Si Mme B... rapporte que le mode d’attribution des astreintes de direction l’aurait pénalisée, il ressort des pièces du dossier que les astreintes pour l’année 2022 ont été validées par le précédent directeur général des services sans que cette répartition apparaisse inéquitable entre les membres de la direction générale, d’autant que Mme B... a pu déléguer certaines d’entre elles à un directeur de son département. Par ailleurs, son astreinte initialement prévue du 23 au 30 décembre 2022 a été permutée à sa demande avec celle du 30 décembre 2022 au 6 janvier 2023.

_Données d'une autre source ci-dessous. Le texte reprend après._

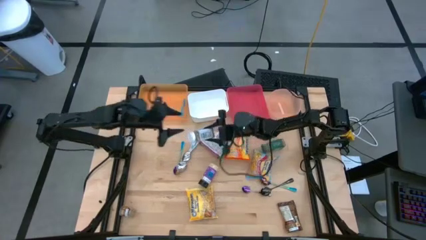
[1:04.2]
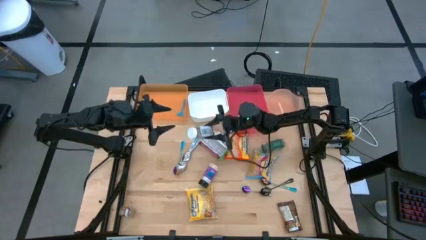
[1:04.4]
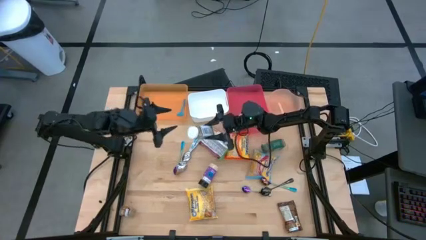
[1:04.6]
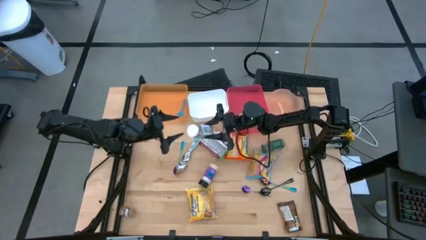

Mme B... fait valoir avoir été victime de reproches injustifiés et d’incidents vexatoires lors d’évènements internes et devant les partenaires ainsi que d’erreurs de gestion de sa déclaration d’accident de travail. Toutefois, à les supposer même établis, ces faits sont isolés et ne sauraient, à eux seuls, être regardés comme traduisant un agissement de harcèlement moral. La requérante critique également le climat délétère qu’entretiendrait la directrice générale des services entre les membres de la direction générale et à l’égard de ses collaborateurs, sans toutefois démontrer avoir été elle-même victime des agissements évoqués. Les attestations versées par la communauté urbaine Le Havre Seine Métropole témoignent de la convivialité entretenue par la directrice générale des services alors même que Mme B... participait activement au groupe de discussion privée des membres de la direction générale institué par la directrice générale des services. Dès lors, cette seule circonstance ne permet pas à elle seule de faire présumer l’existence d’un harcèlement moral.

Enfin, Mme B... ne peut utilement se prévaloir des conditions de sa reprise le 2 mai 2023 à temps partiel thérapeutique, qui sont postérieures à sa demande de protection fonctionnelle, au titre des faits de harcèlement moral qu’elle estime avoir subis.

Il résulte de tout ce qui précède que les faits énoncés par la requérante, pris ensemble ou séparément, s’ils laissent transparaître une dégradation des relations entre Mme B... et la directrice générale des services ainsi qu’une communication des informations perfectible, ne peuvent toutefois être regardés comme soumettant au juge des éléments de fait susceptibles de faire présumer l’existence d’agissements constitutifs de harcèlement moral à son encontre par sa hiérarchie. Par conséquent, Mme B... n’est pas fondée à soutenir qu’elle a été victime d’une situation de harcèlement ni, par suite, que la décision attaquée lui refusant le bénéfice de la protection fonctionnelle fondée sur de tels faits de harcèlement est entachée à ce titre d’une erreur d’appréciation au regard les dispositions des L. 133-2 et L. 133-3 du code général de la fonction publique, ni d’une erreur de faits.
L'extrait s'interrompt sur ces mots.